There is no comparison between the Article 370 and the Article 371. The Article 371, unlike Article 370, doesn’t empower any of the states to enjoy a special status within the Union and exercise residuary powers. Nor does it empower any of the states to have a separate constitution and a separate flag.
Article 371 simply empowers the President of India to set up separate development boards for Vidarbha and Marathawada (Maharashtra) and Saurashtra and Kutch (Gujarat). The Article 371-A protects the “religious or social practices of the Nagas” and their “customary laws” and empowers the Nagaland Assembly to adopt or not to adopt the Central laws concerning “ownership and transfer of land and its resources”. It also gives “special responsibility” to the Governor of Nagaland “with respect to law and order in the State of Nagaland”.
Article 371-B provides for the Constitution and functions of a committee of the legislative assembly of the state (of Assam) consisting of members of that assembly elected from the tribal areas and for a similar committee in respect of Manipur comprising members of the assembly elected from the areas of the state.
Article 371-C requires the Governor to write a report to the President regarding the administration of the areas of Manipur. Article 371-D empowers the President of India to provide for equitable opportunities and facilities for the people belonging to different parts of the state (of Andhra Pradesh).

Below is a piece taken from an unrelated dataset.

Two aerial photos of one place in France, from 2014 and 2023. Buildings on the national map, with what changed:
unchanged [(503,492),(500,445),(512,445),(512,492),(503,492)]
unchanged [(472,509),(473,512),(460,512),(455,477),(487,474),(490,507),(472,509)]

Article 371-E empowers the Parliament to establish a university in Andhra Pradesh.
Article 371-F authorises the Parliament to protect the rights and interests of different sections of the population in Sikkim by creating or earmarking certain Assembly seats for candidates belonging to such sections. It also states the Governor of Sikkim shall have special responsibility for peace and for an equitable arrangement for ensuring the social and economic advancement of different sections of the population of Sikkim.
Article 371-G states no Act of Parliament in respect of religious or social practices of the Mizos, Mizo customary laws and practices, administration of civil and criminal justice involving decisions according to Mizo customary laws and ownership and transfer of land shall apply to Mizoram unless the legislative assembly of the state by a resolution so decides…”

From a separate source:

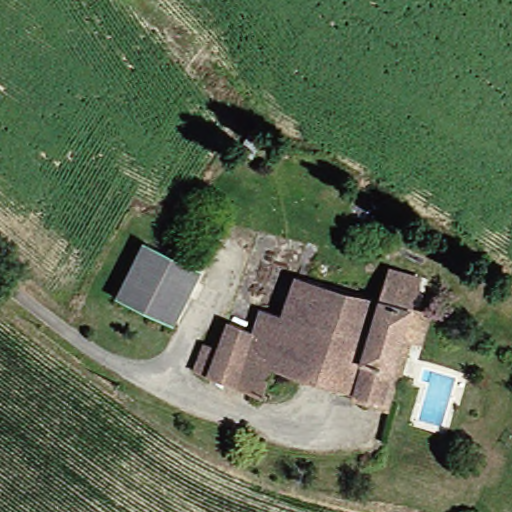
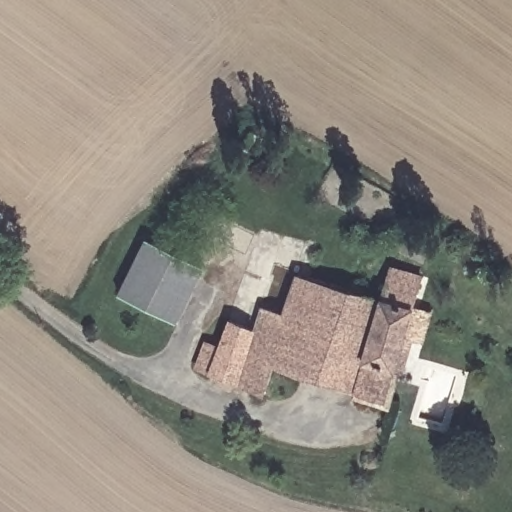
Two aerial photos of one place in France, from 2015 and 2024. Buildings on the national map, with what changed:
unchanged [(192,267),(165,321),(109,293),(137,238),(192,267)]
unchanged [(373,298),(382,267),(411,275),(376,401),(345,391),(263,365),(255,393),(227,384),(228,382),(245,329),(252,306),(275,313),(288,273),(373,298)]
unchanged [(228,382),(187,367),(196,342),(211,347),(221,320),(245,329),(228,382)]

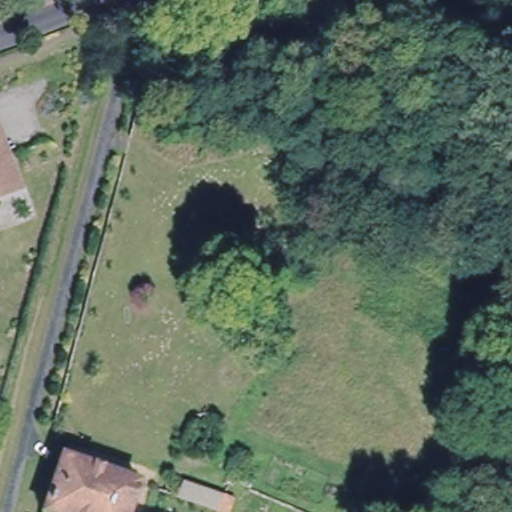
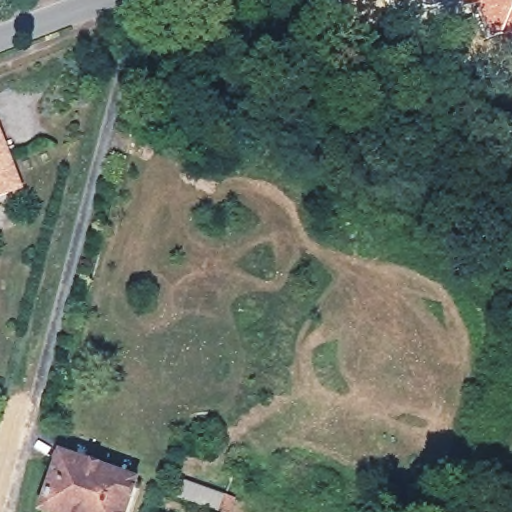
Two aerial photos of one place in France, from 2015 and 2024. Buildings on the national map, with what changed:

Article 371-H gives special responsibility to the Governor with respect to law and order in the state of Arunachal Pradesh and in the discharge of his functions in relation thereto, the “Governor shall, after consulting the council of ministers, exercises his individual judgment as to the action to be taken…”
Article 371-I states “notwithstanding anything in this (Indian) Constitution, the legislative assembly of the state shall consist of not less than thirty member”.
Thus, Article 371, unlike Article 370, is beneficial for the ignored sections of society and ignored and underdeveloped regions. It empowers the Governors in certain states to exercise special powers and responsibilities and act according to their individual judgment. In fact, Article 370 divides the society and promotes fissiparous tendencies and Article 371 unites and empowers the people.
It is time to call the NC’s bluff and work for the abrogation of Article 370 that has armed the ruling elite in the valley with absolute and unbridled legislative and executive powers and enabled it to create a wall of hatred between the Kashmiri Muslims and New Delhi and deprived the people of the state of normal civil and political rights. But more than that Article 370 has created an impression the world over that the issue of Jammu and Kashmir is still to be settled.
Hari Om Mahajan is former Dean, Faculty of Social Sciences, University of Jammu.